[Records drawn from a dataset]
=====

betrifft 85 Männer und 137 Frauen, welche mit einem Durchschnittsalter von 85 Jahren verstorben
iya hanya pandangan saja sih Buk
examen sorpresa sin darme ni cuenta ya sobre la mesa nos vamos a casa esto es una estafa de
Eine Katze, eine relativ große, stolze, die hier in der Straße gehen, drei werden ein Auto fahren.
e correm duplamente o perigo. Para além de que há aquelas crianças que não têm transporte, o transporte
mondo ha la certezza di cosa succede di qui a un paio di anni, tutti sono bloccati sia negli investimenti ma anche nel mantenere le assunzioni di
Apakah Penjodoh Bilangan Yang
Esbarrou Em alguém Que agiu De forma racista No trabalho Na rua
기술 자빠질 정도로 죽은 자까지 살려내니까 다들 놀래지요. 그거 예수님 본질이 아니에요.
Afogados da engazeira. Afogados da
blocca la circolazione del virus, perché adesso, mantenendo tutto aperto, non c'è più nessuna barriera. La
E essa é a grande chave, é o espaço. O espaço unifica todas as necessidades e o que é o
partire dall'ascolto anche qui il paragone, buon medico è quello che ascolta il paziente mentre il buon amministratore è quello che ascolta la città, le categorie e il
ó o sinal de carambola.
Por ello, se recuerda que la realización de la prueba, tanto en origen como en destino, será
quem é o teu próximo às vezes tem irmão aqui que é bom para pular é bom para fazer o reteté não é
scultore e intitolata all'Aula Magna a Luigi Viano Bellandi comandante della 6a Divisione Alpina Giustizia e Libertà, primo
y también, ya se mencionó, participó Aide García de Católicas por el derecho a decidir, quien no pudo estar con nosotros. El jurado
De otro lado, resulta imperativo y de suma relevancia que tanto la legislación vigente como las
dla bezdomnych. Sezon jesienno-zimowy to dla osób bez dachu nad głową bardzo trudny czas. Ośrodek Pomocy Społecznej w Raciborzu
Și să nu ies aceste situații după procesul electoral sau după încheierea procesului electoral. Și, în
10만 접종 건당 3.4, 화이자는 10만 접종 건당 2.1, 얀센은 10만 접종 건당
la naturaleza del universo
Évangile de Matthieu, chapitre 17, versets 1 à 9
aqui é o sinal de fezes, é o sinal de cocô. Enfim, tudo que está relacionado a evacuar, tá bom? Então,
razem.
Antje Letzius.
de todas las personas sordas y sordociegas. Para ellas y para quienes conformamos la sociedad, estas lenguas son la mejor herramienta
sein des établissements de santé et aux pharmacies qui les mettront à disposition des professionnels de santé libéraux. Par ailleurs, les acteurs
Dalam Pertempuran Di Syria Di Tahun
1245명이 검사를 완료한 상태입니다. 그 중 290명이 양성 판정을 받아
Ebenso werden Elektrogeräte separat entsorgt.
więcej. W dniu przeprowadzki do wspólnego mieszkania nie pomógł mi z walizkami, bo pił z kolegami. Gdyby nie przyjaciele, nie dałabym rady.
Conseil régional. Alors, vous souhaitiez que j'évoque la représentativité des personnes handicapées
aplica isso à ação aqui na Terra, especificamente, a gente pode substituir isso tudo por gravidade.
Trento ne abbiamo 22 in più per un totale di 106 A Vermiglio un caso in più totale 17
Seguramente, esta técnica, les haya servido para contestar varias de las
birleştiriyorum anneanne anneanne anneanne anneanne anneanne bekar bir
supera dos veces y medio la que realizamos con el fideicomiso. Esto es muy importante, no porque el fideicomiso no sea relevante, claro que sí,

=====

Type out the entries once more, precisely.

**RESPONSE FOR THIS EXERCISE**
betrifft 85 Männer und 137 Frauen, welche mit einem Durchschnittsalter von 85 Jahren verstorben
iya hanya pandangan saja sih Buk
examen sorpresa sin darme ni cuenta ya sobre la mesa nos vamos a casa esto es una estafa de
Eine Katze, eine relativ große, stolze, die hier in der Straße gehen, drei werden ein Auto fahren.
e correm duplamente o perigo. Para além de que há aquelas crianças que não têm transporte, o transporte
mondo ha la certezza di cosa succede di qui a un paio di anni, tutti sono bloccati sia negli investimenti ma anche nel mantenere le assunzioni di
Apakah Penjodoh Bilangan Yang
Esbarrou Em alguém Que agiu De forma racista No trabalho Na rua
기술 자빠질 정도로 죽은 자까지 살려내니까 다들 놀래지요. 그거 예수님 본질이 아니에요.
Afogados da engazeira. Afogados da
blocca la circolazione del virus, perché adesso, mantenendo tutto aperto, non c'è più nessuna barriera. La
E essa é a grande chave, é o espaço. O espaço unifica todas as necessidades e o que é o
partire dall'ascolto anche qui il paragone, buon medico è quello che ascolta il paziente mentre il buon amministratore è quello che ascolta la città, le categorie e il
ó o sinal de carambola.
Por ello, se recuerda que la realización de la prueba, tanto en origen como en destino, será
quem é o teu próximo às vezes tem irmão aqui que é bom para pular é bom para fazer o reteté não é
scultore e intitolata all'Aula Magna a Luigi Viano Bellandi comandante della 6a Divisione Alpina Giustizia e Libertà, primo
y también, ya se mencionó, participó Aide García de Católicas por el derecho a decidir, quien no pudo estar con nosotros. El jurado
De otro lado, resulta imperativo y de suma relevancia que tanto la legislación vigente como las
dla bezdomnych. Sezon jesienno-zimowy to dla osób bez dachu nad głową bardzo trudny czas. Ośrodek Pomocy Społecznej w Raciborzu
Și să nu ies aceste situații după procesul electoral sau după încheierea procesului electoral. Și, în
10만 접종 건당 3.4, 화이자는 10만 접종 건당 2.1, 얀센은 10만 접종 건당
la naturaleza del universo
Évangile de Matthieu, chapitre 17, versets 1 à 9
aqui é o sinal de fezes, é o sinal de cocô. Enfim, tudo que está relacionado a evacuar, tá bom? Então,
razem.
Antje Letzius.
de todas las personas sordas y sordociegas. Para ellas y para quienes conformamos la sociedad, estas lenguas son la mejor herramienta
sein des établissements de santé et aux pharmacies qui les mettront à disposition des professionnels de santé libéraux. Par ailleurs, les acteurs
Dalam Pertempuran Di Syria Di Tahun
1245명이 검사를 완료한 상태입니다. 그 중 290명이 양성 판정을 받아
Ebenso werden Elektrogeräte separat entsorgt.
więcej. W dniu przeprowadzki do wspólnego mieszkania nie pomógł mi z walizkami, bo pił z kolegami. Gdyby nie przyjaciele, nie dałabym rady.
Conseil régional. Alors, vous souhaitiez que j'évoque la représentativité des personnes handicapées
aplica isso à ação aqui na Terra, especificamente, a gente pode substituir isso tudo por gravidade.
Trento ne abbiamo 22 in più per un totale di 106 A Vermiglio un caso in più totale 17
Seguramente, esta técnica, les haya servido para contestar varias de las
birleştiriyorum anneanne anneanne anneanne anneanne anneanne bekar bir
supera dos veces y medio la que realizamos con el fideicomiso. Esto es muy importante, no porque el fideicomiso no sea relevante, claro que sí,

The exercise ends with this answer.